The measure of our being is our capacity for sorrow or joy. Captain Conder speaks of the shadow cast by Mount Hermon being as much as seventy miles long at some periods. Was it not the very greatness of Christ that made His joys and His griefs equally unique?

(H. O. Mackey.)

We hid as it were our faces from Him
, Canon Cook., T.R. Birks.
In the margin of your Bibles this passage is rendered, "He hid as it were His face from us." The literal translation of the Hebrew would be, "He was as a hiding of faces from Him," or "from us." Some critical readers think these words were intended to describe our Lord as having so humbled Himself, and brought Himself to such a deep degradation, that He was comparable to the leper who covered his face and cried, "Unclean, unclean," hiding himself from the gaze of men. Abhorred and despised by men, He was like one put aside because of His disease and shunned by all mankind. Others suppose the meaning to be that on account of our Lord s terrible and protracted sorrow His face wore an expression so painful and grievous that men could scarcely bear to look upon Him. They hid as it were their faces from Him — amazed at that brow all carved with lines of anxious thought, those cheeks all ploughed with furrows of deep care, those eyes all sunk in shades of sadness, that soul bowed down, exceeding sorrowful, even unto death! It may be so; we cannot tell. I have a plain, practical purpose to pursue. Here is an indictment to which we must all plead guilty.

I. Sometimes men hide their faces from Jesus IN COOL CONTEMPT OF HIM. How astounding! how revolting! He ought surely to be esteemed by all mankind.

1. Some show their opposition by attempting to ignore or to tarnish the dignity of His person.

2. Are there not others who affect great admiration for Jesus of Nazareth as an example of virtue and benevolence, who nevertheless reject His mediatorial work as our Redeemer? As a substitutionary sacrifice they do not and cannot esteem Him.

3. Then they will pour contempt upon, the various doctrines of His Gospel.

4. And with what pitiful disdain the Lord s people are slighted! Do I address anybody who has despised the Lord Jesus Christ? Your wantonness can offer no excuse but your ignorance. And as for your ignorance, it is without excuse.

II. A far more common way in which men hide their faces from Christ is BY THEIR HEEDLESSNESS, THEIR INDIFFERENCE, THEIR NEGLECT.


IV. After we were quite sure that we could not be saved other than by the one Mediator, do you remember how we continued to hide our face from Jesus BY PERSISTENT UNBELIEF IN HIM.

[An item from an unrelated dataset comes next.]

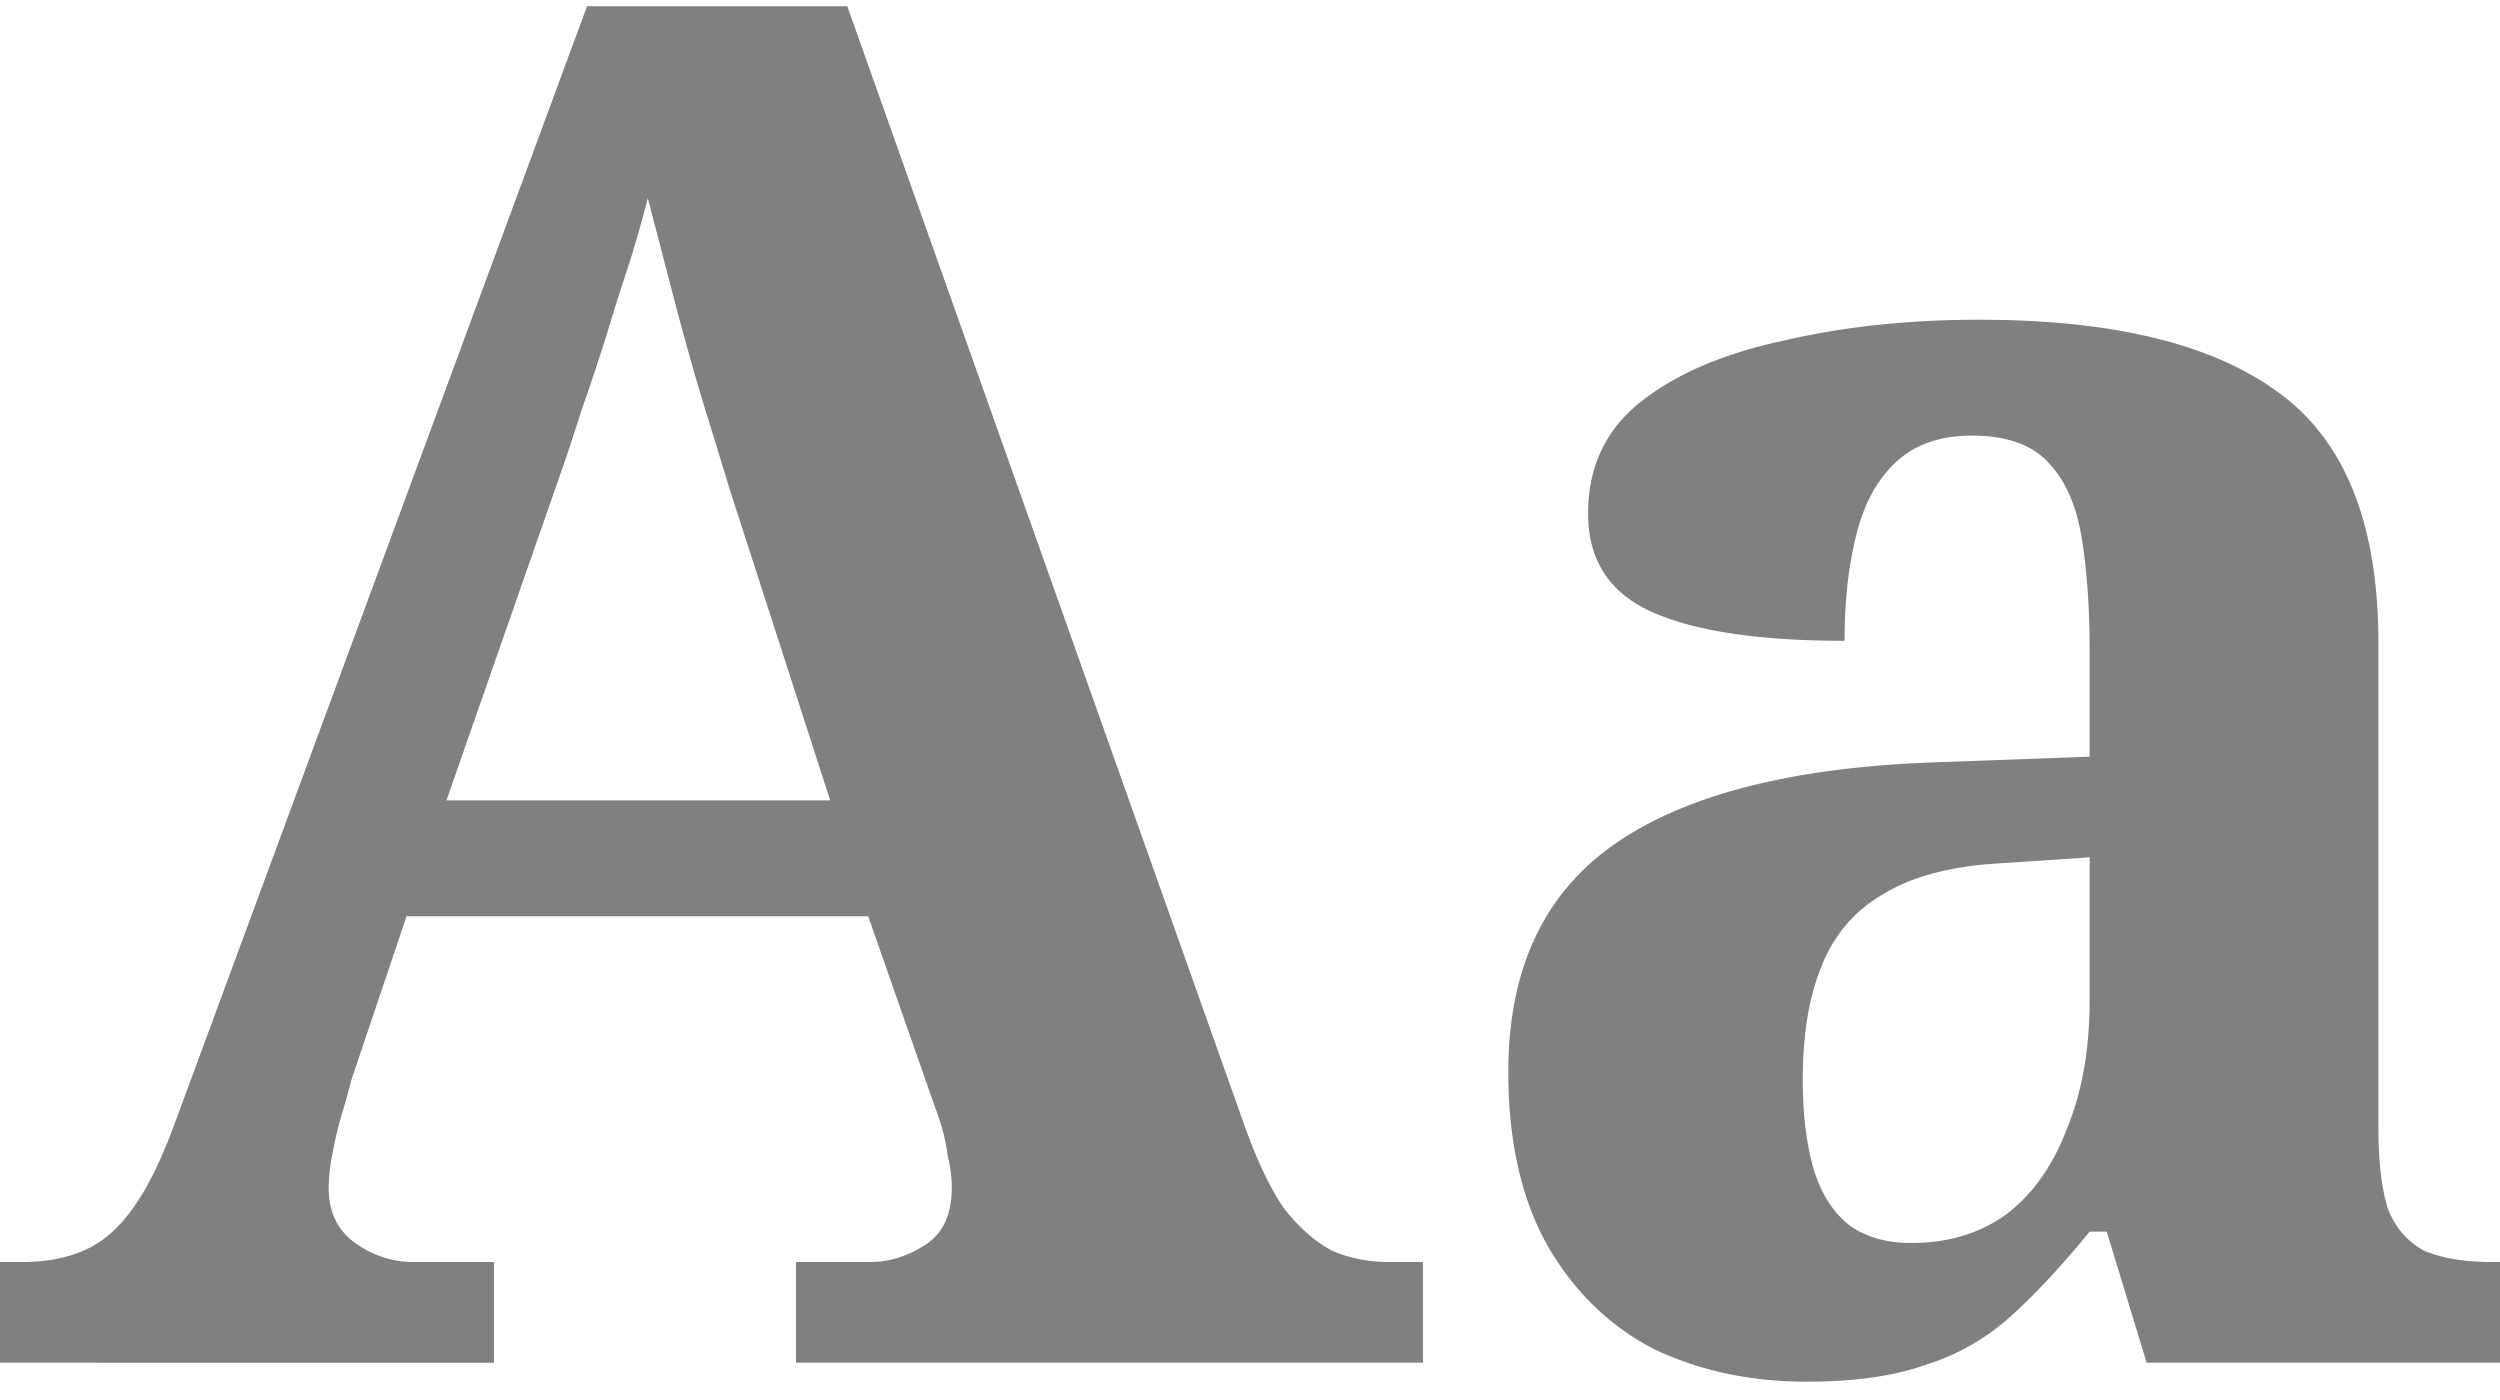<svg xmlns="http://www.w3.org/2000/svg" width="100" height="56" fill="none"><path fill="gray" d="M0 54.508v-4.027h.912q1.368 0 2.432-.456t1.9-1.596q.911-1.215 1.747-3.496L23.481.25h10.411l15.883 44.76q.759 2.127 1.596 3.343.91 1.14 1.9 1.672 1.063.456 2.28.456h1.367v4.027H31.84v-4.027h2.963q1.14 0 2.204-.684t1.064-2.28q0-.607-.152-1.216a7.6 7.6 0 0 0-.228-1.14 10 10 0 0 0-.304-.912l-2.66-7.599H16.262l-2.203 6.535q-.152.609-.38 1.368a15 15 0 0 0-.38 1.596 7 7 0 0 0-.152 1.368q0 1.443 1.063 2.204 1.065.76 2.356.76h3.192v4.027zm17.858-22.493h15.35l-4.027-12.463q-.532-1.748-1.14-3.724a124 124 0 0 1-1.14-4.103l-.988-3.8a46 46 0 0 1-.76 2.66 101 101 0 0 0-.912 2.888q-.456 1.443-.988 2.963a86 86 0 0 1-.911 2.736zm54.405 23.253q-3.344 0-6.08-1.292-2.66-1.368-4.255-4.103-1.596-2.812-1.596-6.991 0-6.156 4.256-9.12 4.255-2.963 12.766-3.267l6.232-.228v-4.18q0-2.583-.304-4.483-.304-1.975-1.292-3.04-.988-1.14-3.116-1.14-1.9 0-3.04 1.064t-1.595 2.964q-.456 1.824-.456 4.18-5.092 0-7.675-1.14t-2.584-3.952q0-2.813 2.128-4.484 2.127-1.672 5.699-2.431 3.571-.837 7.827-.836 7.98 0 11.93 2.887 4.029 2.89 4.028 10.031v19.378q0 2.052.38 3.268.456 1.14 1.444 1.672 1.065.456 2.736.456H100v4.027H85.865l-1.595-5.243h-.684q-1.672 2.052-3.192 3.42a9.1 9.1 0 0 1-3.344 1.9q-1.9.683-4.787.683m4.18-5.547q2.203 0 3.8-1.14 1.595-1.215 2.43-3.42.913-2.203.913-5.167v-5.7l-3.42.228q-3.04.153-4.787 1.216-1.749.988-2.508 2.888-.76 1.824-.76 4.56 0 2.127.456 3.647.456 1.444 1.444 2.204.987.684 2.432.684"/></svg>

V. But there are some of us who must plead guilty to another charge; we have hidden as it were our faces from Him since He has saved us, and since we have known His love, BY OUR SILLY SHAME AND OUR BASE COWARDICE.

VI. Many, if not all, of us who are believers will penitently confess that we have sometimes hidden our faces from Christ BY NOT WALKING IN CONSTANT FELLOWSHIP WITH HIM.

( C. H. Spurgeon.) "We hid as it were our faces from Him." Literally, "as one from whom there is hiding of face," as if shrinking from a horrible sight.

(Canon Cook.) The impersonal form refers to the men just named, or all those of note and influence. Their faces were averted from Him, as a lunatic, beside Himself, or one possessed, as a deceiver and a blasphemer.